Su conversación se vio interrumpida por una llamada telefónica de su ayudante, Qian.

– ¿Dónde está, inspector jefe Chen?

– En el Suburbio de Moscú -dijo Chen-. El Secretario del Partido Li quiere que entretenga a nuestra invitada norteamericana. ¿Qué es lo que tiene que decirme?

– Nada en particular. Hoy estoy en el departamento. El inspector Yu puede llamar en cualquier momento y aún estoy llamando a los hoteles. Si sucede algo llámeme aquí.

– O sea que también trabaja en domingo. Bien hecho, Qian. Adiós.

Sin embargo, se sintió un poco perturbado. Era posible que Qian hubiera pretendido demostrar cuánto trabajaba, en especial después del incidente de Quingpu. Pero ¿por qué quería saber dónde estaba Chen? Quizá no debería haber revelado su paradero.

Llegó Anna para ofrecer postres en un carrito.

– Gracias -dijo Chen-. Déjelo ahí. Elegiremos nosotros mismos.

– Otra cuestión lingüística -dijo Catherine, tras elegir mousse de chocolate. -¿Sí?

– Lu llama a Anna y a otras camareras sus pequeñas hermanas. ¿Por qué?
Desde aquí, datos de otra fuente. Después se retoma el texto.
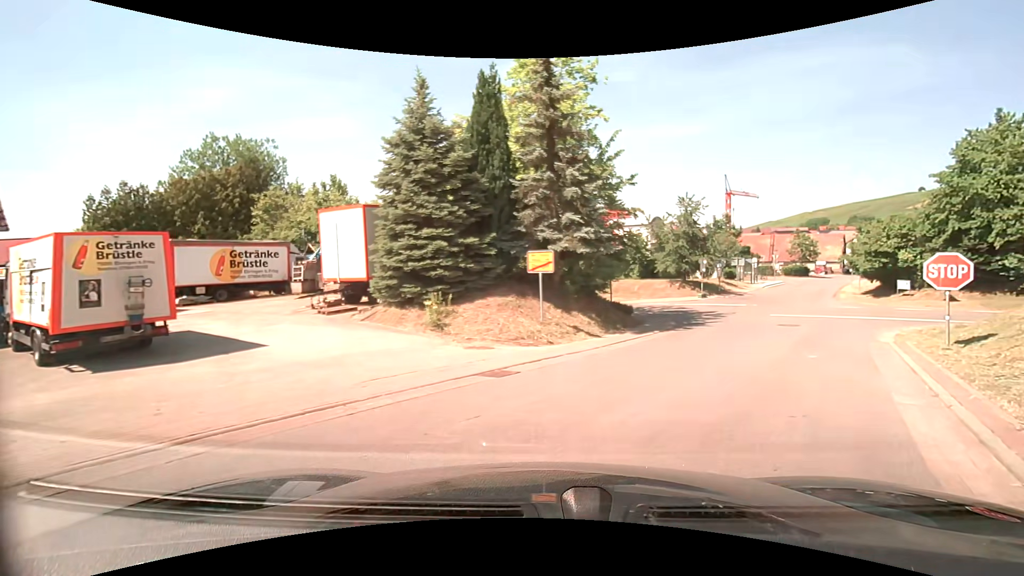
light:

– Son más jóvenes, pero hay otra razón. Solíamos llamar a los rusos nuestros «hermanos mayores», creyendo que estaban más avanzados y que éramos los únicos en las primeras etapas del comunismo. Ahora Rusia se considera más pobre que China. Las jóvenes rusas vienen aquí, a buscar trabajo en nuestros restaurantes y clubes nocturnos, igual que los chinos van a Estados Unidos. Lu está muy orgulloso de eso.

Ella hundió la cuchara en el mousse.

– Necesito pedirle un favor… como novia norteamericana suya, lo que su amigo imagina que soy.

– Haré lo que pueda por usted, inspectora Rohn -se dio cuenta de que se había operado un sutil cambio en ella. Su tono carecía del matiz del día anterior-. He oído hablar de una calle «de imitaciones» en Shanghai. Me gustaría pedirle que me acompañara.

– ¿Una calle de imitaciones?

– La calle Huating, así se llama. Venden toda clase de marcas falsas. Como Louis Vuitton, Gucci o Rolex.

– La calle Huating… Nunca he estado allí.

– Puedo ir sola, con un plano de Shanghai en la mano. Sólo que los vendedores me pedirán un precio mucho más elevado. No creo que mi chino sea lo bastante bueno para regatear.